= 1630 Crete earthquake =

Natural disaster

The 1630 Crete earthquake reportedly occurred at around 09:00 on 9 March 1630 in the Kythira Strait, off the coast of Crete. Until the mid-1990s, the earthquake had traditionally been referred to as the 1629 Crete earthquake, which had been documented to have occurred at about 10:00 on Saturday 27 February 1629. Extensive research by several experts on the subject since the late 1980s has revealed that a calculation error mis-dated the occurrence by several days and a year.

==Background==
The exact epicentre of the earthquake is unknown, although it has been cited to have been in the Kythira Strait. The Venetians, who ruled Crete at the time, recorded it as a major earthquake, and it has been cited as one of three major earthquakes to have taken place in the Antikythira seismic gap, the others occurring in 1750 and 1798.

==Description==
Greek seismological reports indicated that the earthquake occurred on 27 February 1629, resulting in extensive losses to property in much of Crete, and also causing a few deaths in Heraklion, where houses fell down, trapping people.
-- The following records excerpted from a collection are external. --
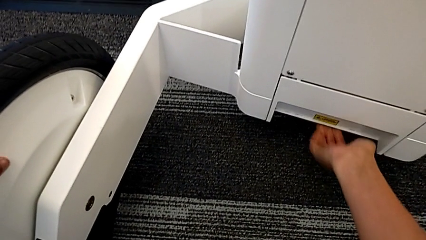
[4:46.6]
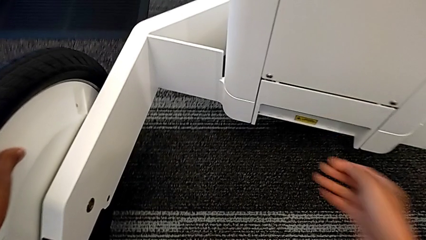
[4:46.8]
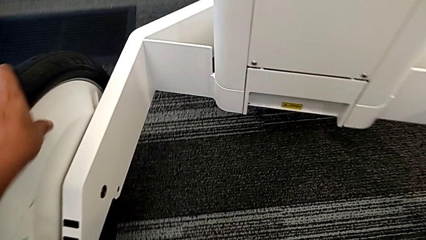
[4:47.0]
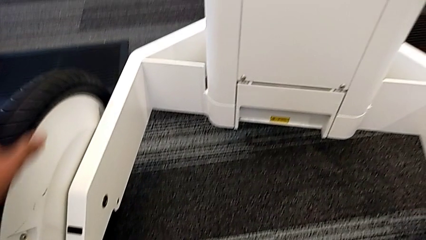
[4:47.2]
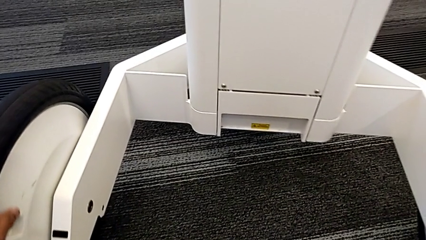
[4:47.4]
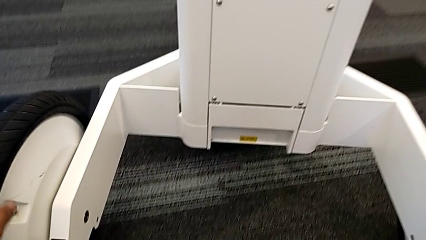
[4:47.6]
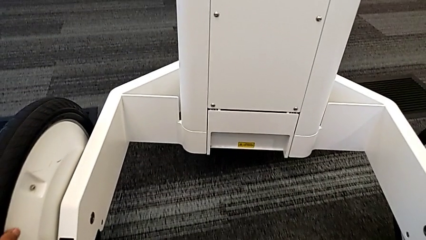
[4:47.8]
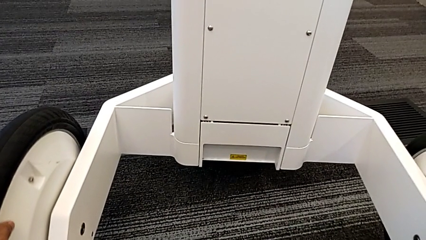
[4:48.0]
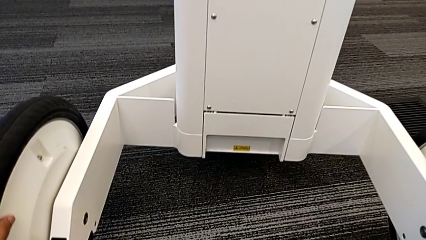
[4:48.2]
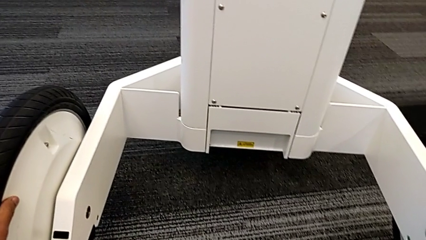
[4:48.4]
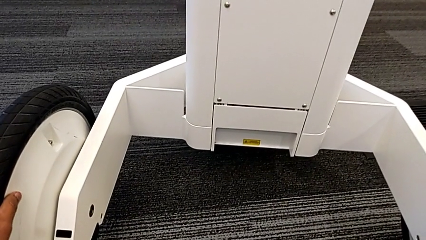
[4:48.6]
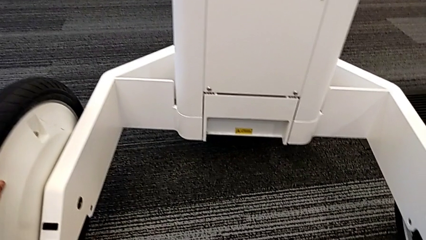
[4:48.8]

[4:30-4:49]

Churches experienced significant damage. In 1893, De Viazis unearthed a series of official documents of the Venetian Administration of Zakynthos revealing that three captains sailing independently in the strait at the time of the earthquake had reported their observations, which was in the form of tsunami waves travelling in the direction of south and southeast posing threats to their ships. Two reported the "remnants of wrecks and bodies of shipwrecked persons" and ships being affected by a tsunami. Another captain who had landed on the coast of Kythira stated that the people on the island had also experienced earthquake shocks at the same time as the captains had experienced it in the sea, and that it had resulted in some degree of flooding near the pier of the harbour.

==Recent findings and corrections==
In 1988, K. G. Tsiknakis published in the Cretica Chronica two previously unpublished accounts of the earthquake. In 1994, after conducting further research, Tsiknakis stated that he believed the previously established year of the earthquake was wrong, and it was in fact 1630. In 1997 and 2003, Papazachos and Papazachou stated that they believed the date was 10 March 1630, which has since been moved back a day. In 2010, Papadopoulos and others reported that tsunamis had been recorded when strong earthquakes struck the area between the Peloponnese and Crete, not only on 9 March 1630 but also on 6 February 1866, and 20 September 1867.